Жене и в голову не приходило, что он так страдает. Мать же и прежде о себе не думала, а теперь и подавно, но была бессильна ему помочь.
«Уж лучше умереть», — часто думал он, особенно во время работы, и чувствовал, что смерть все ближе и ближе. А тут еще злые взгляды начальников — они, словно плеткой, гнали его в объятия смерти. Ни заботы матери, ни сочувствие жены не приносили утешения. Мать вечно жаловалась, жена похвалялась своим здоровьем и силой, своей еще не ушедшей молодостью. Он стал пугаться страдающего и печального лица матери и сияющего лица жены и все больше замыкался в себе. Казалось, между ним и обеими женщинами выросла стена. Ловя на себе их внимательные взгляды или слыша их ласковые слова, он неизменно думал: «Вы меня не понимаете». Они и в самом деле его не понимали.
И, заметив в его глазах вопрос, не придавали этому значения. Впрочем, о матери этого нельзя было сказать, но ее просьбы беречь себя и расспросы о здоровье лишь усиливали его страх и страдания: как бы она не догадалась, и он становился еще более осторожным.

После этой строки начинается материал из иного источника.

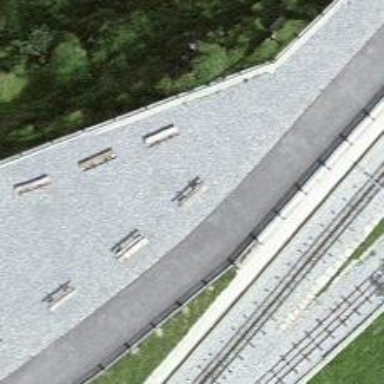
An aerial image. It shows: Bench for seating.
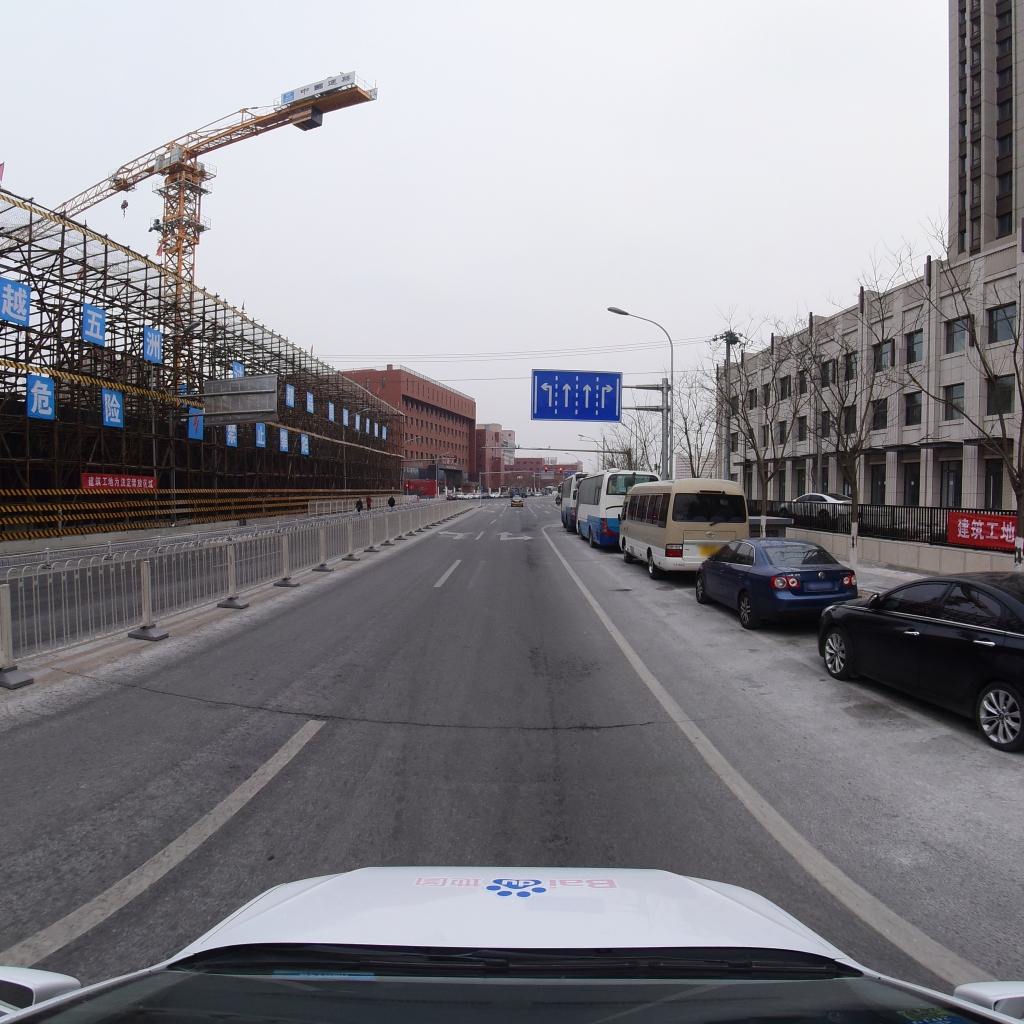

Однажды мать заговорила о его здоровье, и жена подхватила:
— Надо пойти в больницу. — Она посмотрела на него. — Сходи!
Он стал возражать:
— Я совершенно здоров!
— И все же ты должен пойти к врачу. Так будет спокойнее.
Он не сразу ответил, а затем чуть слышно произнес:
— Сейчас не до больницы: на лекарства нужны деньги. А мы сыты, и то слава богу. Говорят, на дорогах в провинциях Хунань и Гуанси столько людей умерло с голоду.
Мать вздохнула.
— Кто знает, — сказала жена, — быть может, и мы умрем, но, пока живы, надо как-то выходить из положения. — По ее лицу пробежала тень, но оно тут же стало спокойным.
— Выходить из положения? Мне кажется, я до самой смерти не смогу этого сделать, — грустно промолвила мать. — В позапрошлом году говорили, что в следующем будет хорошо, в прошлом, что в этом все наладится. А теперь что говорят? Ведь год от года все хуже.